McGuinty Government Takes Next Step In Plan To Manage Responsibly

Ministry of Finance

Today, public service employers and labour leaders were brought together to begin a discussion about managing responsibly through upcoming compensation negotiations. The McGuinty government is working with its partners to manage compensation expenses in order to protect key public services Ontarians rely on, such as health care and our schools.

The 2010 Budget outlined the Ontario government's plan for reducing and eliminating the deficit over eight years. Managing compensation costs is a key part of that plan. Compensation represents the single largest expenditure of the Ontario government.

The government will respect all current collective agreements, but when these agreements expire and new contracts are negotiated, transfer payment partners and bargaining agents are expected to seek agreements lasting at least two years with no net increase in compensation.
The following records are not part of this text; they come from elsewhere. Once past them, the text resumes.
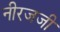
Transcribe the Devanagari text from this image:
नीरजजी
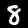
Label: 8
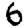
Digit: 6
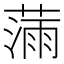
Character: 𫉗
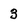
Character: 3
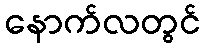
နောက်လတွင်
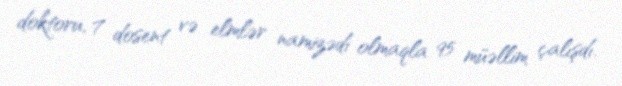
doktoru, 7 dosent və elmlər namizədi olmaqla 95 müəllim çalışdı.
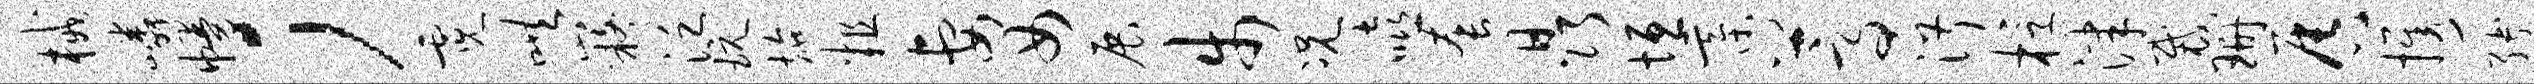
械嶙幔；霓哄嶷泛玩施粗妻女展步况嘻套晶垣綦蒿淑桴津裁珊唇携缚
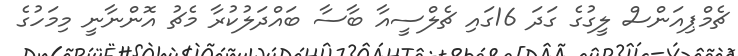
ޗެމްޕިއަންސް ލީގުގެ ގަދަ 16ގައި ޗެލްސީއާ ބާސާ ބައްދަލުކުރާ މެޗު އޮންނާނީ މިމަހުގެ
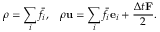
\rho = \sum _ { i } { { { \bar { f } } _ { i } } , } ~ ~ ~ \mathrm { { } } \rho { \bf { u } } = \sum _ { i } { { { \bar { f } } _ { i } } } { { \bf { e } } _ { i } } + \frac { { \Delta t { \bf { F } } } } { 2 } .
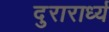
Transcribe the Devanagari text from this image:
दुरारार्ध्य
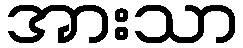
အားသာ
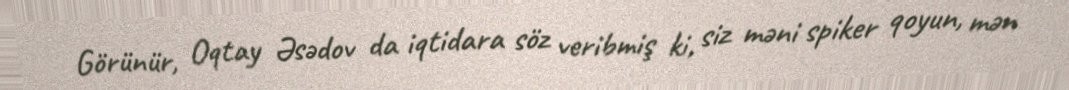
Görünür, Oqtay Əsədov da iqtidara söz veribmiş ki, siz məni spiker qoyun, mən
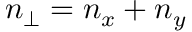
n _ { \bot } = n _ { x } + n _ { y }
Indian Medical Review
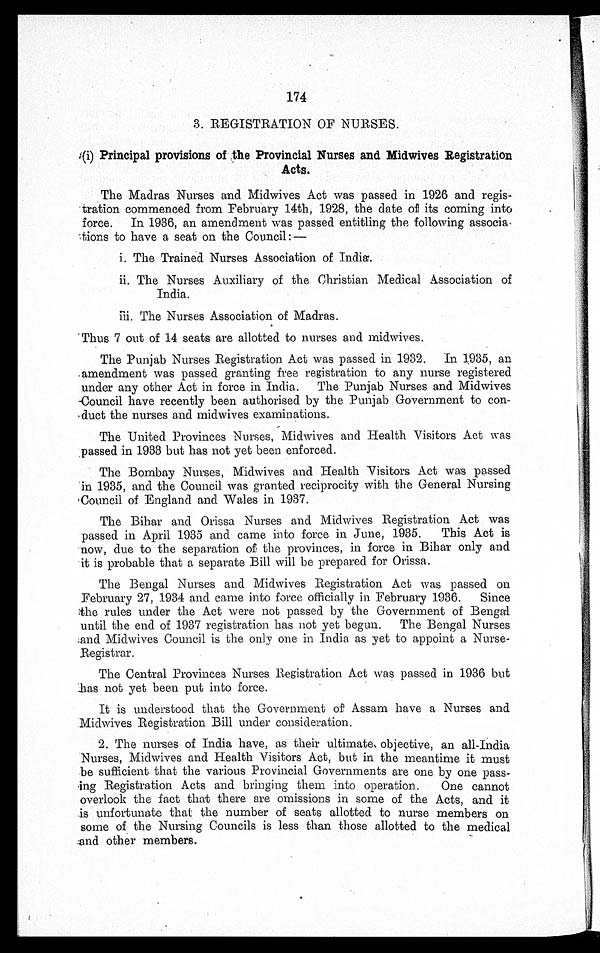
174
3. REGISTRATION OF NURSES.
(i) Principal provisions of the Provincial Nurses and Midwives Registration
Acts.
The Madras Nurses and Midwives Act was passed in 1926 and regis-
tration commenced from February 14th, 1928, the date of its coming into
force. In 1936, an amendment was passed entitling the following associa
tions to have a seat on the Council:—
i. The Trained Nurses Association of India.
ii. The Nurses Auxiliary of the Christian Medical Association of
India.
iii.
The Nurses Association of Madras.
Thus 7 out of 14 seats are allotted to nurses and midwives.
The Punjab Nurses Registration Act was passed in 1932. In 1935, an
amendment was passed granting free registration to any nurse registered
under any other Act in force in India. The Punjab Nurses and Midwives
Council have recently been authorised by the Punjab Government to con-
duct the nurses and midwives examinations.
The United Provinces Nurses, Midwives and Health Visitors Act was
passed in 1933 but has not yet been enforced.
The Bombay Nurses, Midwives and Health Visitors Act was passed
in 1935, and the Council was granted reciprocity with the General Nursing
Council of England and Wales in 1937.
The Bihar and Orissa Nurses and Midwives Registration Act was
passed in April 1935 and came into force in June, 1935. This Act is
now, due to the separation of the provinces, in force in Bihar only and
it is probable that a separate Bill will be prepared for Orissa.
The Bengal Nurses and Midwives Registration Act was passed on
February 27, 1934 and came into force officially in February 1936. Since
the rules under the Act were not passed by the Government of Bengal
until the end of 1937 registration has not yet begun. The Bengal Nurses
and Midwives Council is the only one in India as yet to appoint a Nurse-
Registrar.
The Central Provinces Nurses Registration Act was passed in 1936 but
has not yet been put into force.
It is understood that the Government of Assam have a Nurses and
Midwives Registration Bill under consideration.
2. The nurses of India have, as their ultimate objective, an all-India
Nurses, Midwives and Health Visitors Act, but in the meantime it must
be sufficient that the various Provincial Governments are one by one pass-
ing Registration Acts and bringing them into operation. One cannot
overlook the fact that there are omissions in some of the Acts, and it
is unfortunate that the number of seats allotted to nurse members on
some of the Nursing Councils is less than those allotted to the medical
and other members.

The government is also asking its partners to agree to pause ongoing labour negotiations and interest arbitrations, in order to allow more detailed consultations on compensation. 

Quick Facts

  • The 2010 Ontario Budget outlines the government's plan for reducing and then eliminating the deficit. The plan will cut the deficit in half in five years and eliminate it by 2017-18. The public rightly expects the government to make responsible choices and to live within its fiscal plan. Managing compensation growth is a critical part of the plan. The Budget plan set out measures to restrain compensation growth in the Ontario Public Service and Broader Public Sector by freezing compensation structures of non-bargained employees for two years.
  • More than $50 billion - or 55 per cent - of all government program expenses go to compensation, either directly or through transfers.
  • The plan also contains a Policy Statement laying out the clear expectation that new collective agreements will be of at least two years in duration and provide no net increase in compensation for at least two years. The fiscal plan provides no funding for incremental compensation increases for new collective agreements, which also applies to the province's share of any cost-shared programs.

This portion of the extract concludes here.